There can be performance-related issues such as
follows ?

·     
Efficiency and
scalability of data mining algorithms ?
In order to effectively extract the information from huge amount of data in
databases, data mining algorithm must be efficient and scalable.

•         Parallel,
circulated, and incremental mining calculations ? The components, for example,
tremendous size of databases, wide appropriation of data, and many-sided
quality of data mining techniques rouse the advancement of parallel and
conveyed information mining calculations. These calculations isolate the
information into allotments which is additionally prepared in a parallel mold.
At that point the outcomes from the partitions is consolidated. The incremental
calculations, refresh databases without mining the information again starting
with no outside help.

·     
 

Diverse Data Types Issues

·     
Handling of
relational and complex types of data ?
The database may contain complex data objects, multimedia data objects, spatial
data, temporal data etc. It is not possible for one system to mine all these
kind of data.

·     
Mining information
from heterogeneous databases and global information systems ? The data is available at different data
sources on LAN or WAN. These data source may be structured, semi structured or
unstructured. Therefore mining the knowledge from them adds challenges to data
mining.

 

 

 

 

 

Applications

Data Mining
Applications in Sales/Marketing

The hidden pattern inside historical purchasing
transactions data are better understood with the help of data mining. Which enables
the launch of new campaigns in the market in a cost-efficient way. The data
mining applications are described as under :-

Data
mining is used for market basket analysis to provide information on what
product combinations were purchased together when they were bought and in
what sequence.  This information helps businesses promote their most
profitable products and maximize the profit. In addition, it
encourages customers to purchase related products that they may have been
missed or overlooked.
The
buying pattern of customer’s behaviour is identified by retail companies
with the use of data mining.

 

Data Mining Applications
in Banking / Finance

The
data mining technique is used to help identifying the credit card fraud
detection.
Customer’s
loyalty is identified by data mining techniques , i.e by analysing the purchasing
activities of customers, for example the information of recurrence of
procurement in a timeframe, an aggregate fiscal value of all buys and when
was the last buy.
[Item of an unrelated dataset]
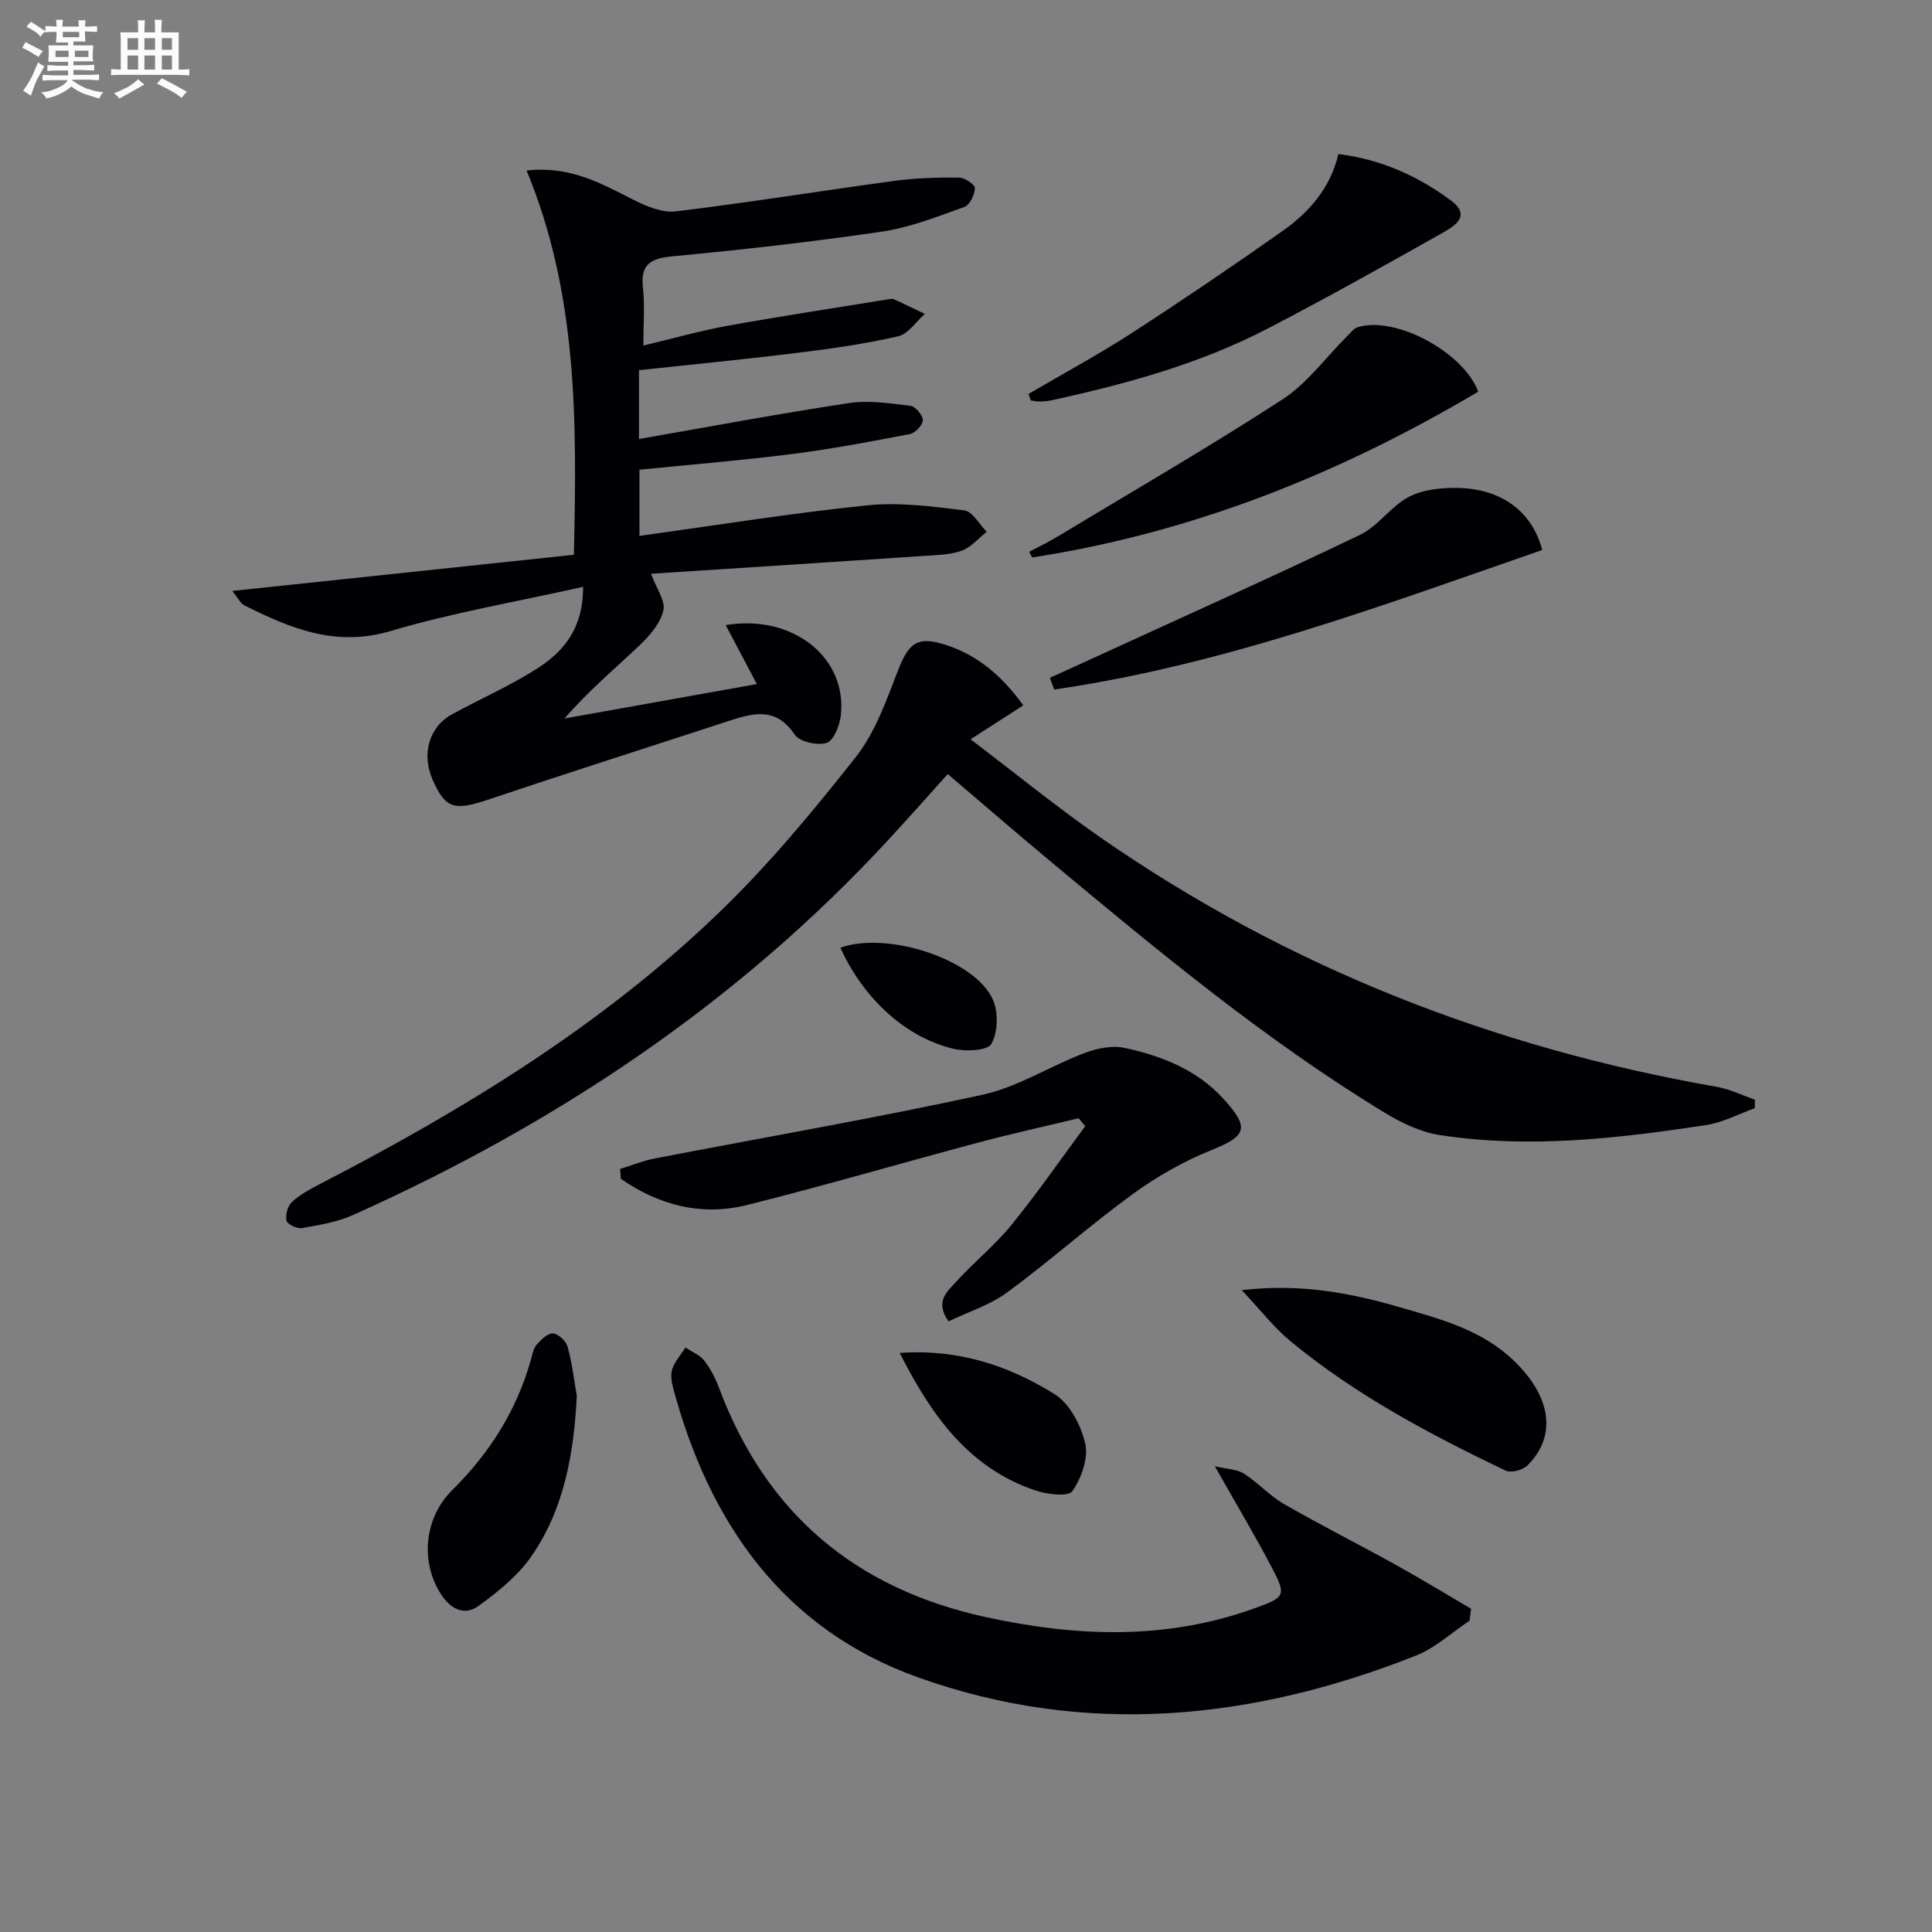 <svg enable-background="new 0 0 400 400" viewBox="0 0 400 400" xmlns="http://www.w3.org/2000/svg"><rect x="0" y="0" width="400" height="400" fill="#808080" stroke="none"/><g fill="#010105"><path d="m120.72 121.5c-13.79 3.09-27.05 5.35-39.85 9.15-11.42 3.39-20.82-.57-30.39-5.38-.64-.32-1.01-1.19-2.39-2.92 24.18-2.56 47.43-5.02 70.73-7.49.62-27.67.81-54.02-9.81-79.56 9.12-1.01 15.56 2.74 22.21 6.1 2.66 1.34 5.94 2.7 8.74 2.36 15.14-1.84 30.21-4.28 45.33-6.33 4.39-.59 8.86-.7 13.29-.66 1.16.01 3.29 1.45 3.26 2.18-.05 1.37-1.05 3.49-2.16 3.89-5.59 2-11.24 4.25-17.06 5.11-14.44 2.13-28.97 3.75-43.5 5.13-4.58.44-6.54 1.76-6 6.56.4 3.61.08 7.29.08 11.9 6.17-1.47 11.8-3.07 17.54-4.11 11.08-2 22.22-3.68 33.33-5.49.32-.05.72-.12.99.01 2.16.99 4.29 2.02 6.43 3.04-1.84 1.6-3.45 4.16-5.55 4.64-6.77 1.55-13.69 2.54-20.59 3.39-10.99 1.36-22.02 2.43-33.06 3.62v14.25c14.71-2.56 29.04-5.26 43.44-7.43 4.14-.63 8.53.05 12.76.56 1.03.12 2.56 1.93 2.57 2.97.01.98-1.55 2.66-2.65 2.87-8.14 1.57-16.29 3.11-24.51 4.15-10.36 1.32-20.78 2.16-31.51 3.24v13.7c15.85-2.19 31.42-4.7 47.08-6.32 6.63-.69 13.49.22 20.17 1.04 1.71.21 3.11 2.88 4.65 4.43-1.69 1.34-3.19 3.15-5.1 3.88-2.26.86-4.87.91-7.35 1.08-19.02 1.28-38.05 2.5-57.05 3.73 1.11 3.05 3.03 5.63 2.55 7.63-.64 2.65-2.83 5.19-4.92 7.18-5.15 4.9-10.63 9.46-15.53 15.15 13.15-2.35 26.3-4.7 39.81-7.12-2.27-4.29-4.3-8.14-6.45-12.21 13.97-2.32 25.2 6.79 23.83 18.73-.24 2.07-1.47 5.19-2.94 5.66-1.91.6-5.61-.22-6.61-1.72-3.9-5.83-8.66-4.45-13.78-2.78-16.55 5.41-33.15 10.69-49.66 16.24-6.99 2.35-8.85 1.92-11.49-4.04-2.4-5.42-.78-11.04 4.07-13.67 5.84-3.16 11.95-5.87 17.53-9.42 5.45-3.48 9.56-8.27 9.52-16.92z"/><path d="m211.86 146.04c-3.65 2.35-6.78 4.36-10.92 7.02 9.57 7.26 18.04 14.18 27 20.4 38.58 26.75 81.26 43.48 127.43 51.54 2.73.48 5.32 1.76 7.97 2.68-.01.59-.01 1.17-.02 1.76-3.35 1.19-6.61 2.96-10.05 3.48-18.28 2.79-36.65 4.92-55.11 2.1-3.94-.6-7.91-2.48-11.37-4.58-24.68-15.01-46.84-33.39-68.96-51.82-7.16-5.96-14.21-12.06-21.61-18.36-4.11 4.56-8.15 9.14-12.29 13.62-31.34 33.9-68.94 58.89-110.85 77.68-3.27 1.47-6.97 2.07-10.53 2.7-1.02.18-3.05-.76-3.23-1.53-.28-1.17.24-3.06 1.12-3.87 1.67-1.54 3.78-2.67 5.82-3.73 29.82-15.42 58.37-32.83 82.65-56.23 10.26-9.89 19.46-20.98 28.3-32.2 3.99-5.06 6.28-11.62 8.66-17.76 2.34-6.05 4.15-7.37 10.33-5.29 6.55 2.21 11.42 6.53 15.66 12.39z"/><path d="m304.26 335.54c-3.68 2.45-7.07 5.64-11.09 7.23-33.83 13.4-68.49 16.91-103.16 4.49-27.92-10.01-43.21-32.03-50.67-59.99-.33-1.25-.54-2.76-.13-3.91.57-1.58 1.78-2.92 2.72-4.37 1.31.88 2.94 1.52 3.87 2.7 1.31 1.67 2.32 3.67 3.07 5.67 9.72 25.94 28.19 41.55 55.22 47.44 18.86 4.11 37.49 4.81 55.93-1.92 6.06-2.21 6.35-2.54 3.23-8.47-3.47-6.6-7.3-13.01-11.73-20.84 2.52.6 4.55.6 6 1.52 2.93 1.86 5.33 4.58 8.32 6.3 7.6 4.37 15.45 8.33 23.12 12.58 5.27 2.92 10.41 6.06 15.61 9.1-.1.82-.21 1.65-.31 2.47z"/><path d="m128.38 242.02c2.39-.73 4.73-1.7 7.17-2.17 22.62-4.37 45.34-8.28 67.85-13.19 7.31-1.59 13.99-5.93 21.1-8.63 2.58-.98 5.75-1.64 8.36-1.07 7.68 1.67 14.95 4.51 20.46 10.56 5.49 6.03 4.77 7.68-2.56 10.62-5.74 2.31-11.29 5.48-16.29 9.12-8.86 6.45-17.07 13.79-25.9 20.29-3.6 2.65-8.12 4.07-12.19 6.03-2.92-4.14-.22-6.21 1.48-8.1 3.67-4.08 8.04-7.56 11.49-11.8 5.39-6.61 10.25-13.66 15.34-20.52-.46-.55-.92-1.09-1.38-1.64-6.88 1.66-13.79 3.18-20.63 5-16.01 4.27-31.93 8.94-48 12.96-9.46 2.37-18.27.04-26.13-5.41-.06-.67-.12-1.36-.17-2.05z"/><path d="m306.05 81.09c-28.92 17.16-59.37 29.24-92.35 34.33-.2-.39-.41-.78-.61-1.17 1.9-1.02 3.85-1.95 5.7-3.06 15.62-9.42 31.42-18.56 46.71-28.48 5.15-3.34 8.98-8.71 13.43-13.13.68-.67 1.34-1.58 2.18-1.84 7.82-2.41 21.88 5.17 24.94 13.35z"/><path d="m212.94 81.56c7.1-4.16 14.37-8.08 21.27-12.54 10.58-6.85 21.02-13.93 31.32-21.19 5.48-3.87 9.89-8.82 11.57-15.93 8.83 1.07 16.5 4.57 23.32 9.62 4.48 3.33.33 5.52-2.18 6.93-11.85 6.68-23.73 13.32-35.8 19.59-14.08 7.31-29.28 11.46-44.7 14.83-.81.18-1.65.24-2.47.26-.62.01-1.24-.14-1.86-.22-.16-.45-.32-.9-.47-1.35z"/><path d="m217.37 140.33c4.12-1.88 8.25-3.74 12.36-5.63 17.31-7.95 34.71-15.73 51.87-23.98 3.76-1.81 6.38-5.92 10.11-7.86 2.94-1.53 6.77-1.91 10.19-1.84 9.03.2 15.33 4.91 17.4 12.85-33.15 11.5-66.08 23.82-101.05 28.89-.29-.81-.59-1.62-.88-2.43z"/><path d="m257.09 267.11c12.24-1.42 22.56.59 32.8 3.56 8.45 2.45 16.9 4.66 23.56 11.07 7.67 7.37 8.98 15.52 2.78 21.68-.96.95-3.39 1.59-4.52 1.05-15.73-7.52-31.11-15.69-44.63-26.87-3.36-2.8-6.1-6.37-9.99-10.49z"/><path d="m119.42 289.01c-.6 11.88-2.58 23.34-9.39 33.19-2.81 4.06-6.95 7.39-11.01 10.33-2.64 1.91-5.48.86-7.55-2.21-4.54-6.73-3.71-16.01 2.16-21.81 7.69-7.6 13.32-16.46 16.27-26.94.31-1.11.53-2.38 1.23-3.2.9-1.03 2.3-2.37 3.39-2.29s2.67 1.57 2.99 2.73c.93 3.33 1.32 6.79 1.91 10.2z"/><path d="m186.27 280.11c12.37-.86 22.7 2.72 32.06 8.53 3.13 1.94 5.51 6.48 6.36 10.25.68 3.02-.8 7.14-2.67 9.84-.82 1.19-5.2.68-7.6-.13-13.77-4.63-21.48-15.37-28.15-28.49z"/><path d="m173.99 196.21c9.92-3.51 28.07 2.53 31.62 10.86 1.11 2.61 1 6.68-.35 9.05-.81 1.42-5.3 1.62-7.82 1.03-9.92-2.34-18.67-10.39-23.45-20.94z"/></g><path d="m6.8 9.5c.6.3 1.3.7 2.1 1.1-.4.4-.7.8-.9 1.2-.7-.4-1.3-.8-1.8-1.1s-1.1-.6-1.6-.8c.2-.4.5-.8.7-1.2.4.2.8.5 1.5.8zm.9 6.9c-.3.6-.5 1.1-.7 1.7s-.4 1.1-.6 1.7c-.6-.4-1.1-.7-1.6-1 .7-1 1.2-1.8 1.5-2.4.3-.5.6-1.1.8-1.7.3-.6.5-1.2.8-1.8.3.3.8.6 1.3.8-.7 1.3-1.2 2.2-1.5 2.7zm.1-11c.4.3 1 .7 1.7 1.1-.5.2-.8.6-1.1 1.1-.5-.6-1-1-1.4-1.2s-.9-.6-1.5-.8c.2-.4.5-.7.9-1.1.5.3.9.6 1.4.9zm10.5 13c1 .4 2 .6 3.1.7-.4.4-.7.8-.8 1.3-.9-.2-1.9-.6-3-.9-1-.4-2-.9-2.8-1.6-.5.4-1.1.9-1.9 1.3s-1.9.9-3.3 1.2c-.1-.3-.5-.8-1.1-1.3 1 0 2.1-.3 3.2-.8 1.2-.5 1.9-1 2.3-1.7h-3.2c-.4 0-1 0-2 .1v-1.2c1 0 1.7.1 2 .1h3.3v-1h-2.3c-.2 0-.9 0-2 .1v-1.2c1.2 0 1.9.1 2 .1h2.3v-.8h-4.1c0-.7.1-1.2.1-1.6 0-.5 0-1.1-.1-1.8h4.1v-.6h-2.5c0-.6.1-1.1.1-1.6v-.6h-.5c-.4 0-1 0-1.8.1v-1.3c1.2 0 1.9.1 2.1.1h.2c0-.3 0-.8-.1-1.4h1.4c0 .6-.1 1-.1 1.4h3.4c0-.4 0-.8-.1-1.3h1.5c0 .4-.1.9-.1 1.3.7 0 1.5 0 2.5-.1v1.2c-1 0-1.8-.1-2.5-.1v.6c0 .3 0 .8.1 1.5h-2.5v.8h4.1c0 .7-.1 1.3-.1 1.8s0 1 .1 1.5h-4.1v.8h1.4c.8 0 1.8 0 2.9-.1v1.2c-1 0-1.9-.1-2.8-.1h-1.5v1h3.2c.3 0 1 0 2.1-.1v1.2c-1.1 0-1.8-.1-2.1-.1h-3.4l-.1.1c1.4 1 2.4 1.5 3.4 1.9zm-4.1-6.6v-1.3h-2.7v1.3zm2.2-4.1v-1.1h-3.4v1.1zm1.9 4.1v-1.3h-2.8v1.3z" fill="#fbfafc"/><path d="m37 6.7v2.3 5.4c1 0 1.8 0 2.2-.1v1.3c-.6 0-1.5-.1-2.5-.1h-11.9c-.7 0-1.3 0-1.8.1v-1.3c.5 0 1.1.1 2 .1v-5.2c0-1 0-1.8-.1-2.5h3.7c0-1.3 0-2.1-.1-2.5h1.5c0 .4-.1 1.3-.1 2.5h2.2c0-1.2 0-2.1-.1-2.6h1.5c0 .4-.1 1.3-.1 2.6zm-12.3 13.7c-.3-.4-.7-.8-1.1-1.1 1.1-.4 2.1-.9 2.9-1.3.8-.5 1.5-1 2.1-1.6.4.4.9.8 1.3 1.1-2.5 1.4-4.2 2.4-5.2 2.9zm3.9-10.1v-2.4h-2.2v2.4zm0 4.1v-2.9h-2.2v2.9zm3.5-4.1v-2.4h-2.2v2.4zm0 4.1v-2.9h-2.2v2.9zm.4 2.9 1-1.1c.6.3 1.4.7 2.5 1.3s2 1.1 2.7 1.5c-.4.4-.8.8-1.1 1.3-.8-.8-2.5-1.7-5.1-3zm3.1-7v-2.4h-2.1v2.4zm0 4.1v-2.9h-2.1v2.9z" fill="#fbfafc"/></svg>

In the wake of dissecting those measurements, the
relative measure is created for every client. The higher of the score, the
more relative faithful the client is.
By
using data mining, credit card spending by the customers can be identified
Data
mining also helps in identifying the rules of stock trading from historical
data.

 

 

 

Data Mining
Applications in Health Care and Insurance

 

The development of the insurance business altogether relies
upon the capacity to convert data into the learning, data or knowledge about
clients, contenders, and its business sectors. Data mining is connected in insurance
industry of late however conveyed gigantic upper hands to the organizations who
have actualized it effectively. The data mining applications in the protection
business are as under:

 

•            Data
mining is connected in claims investigation, for example, distinguishing which medical
methodology         are asserted together.

•            Data
mining empowers to forecasts which clients will conceivably buy new policies.

•            Data
mining permits insurance agencies to identify dangerous clients’ behaviour
patterns.

•            Data
mining recognizes deceitful behaviour.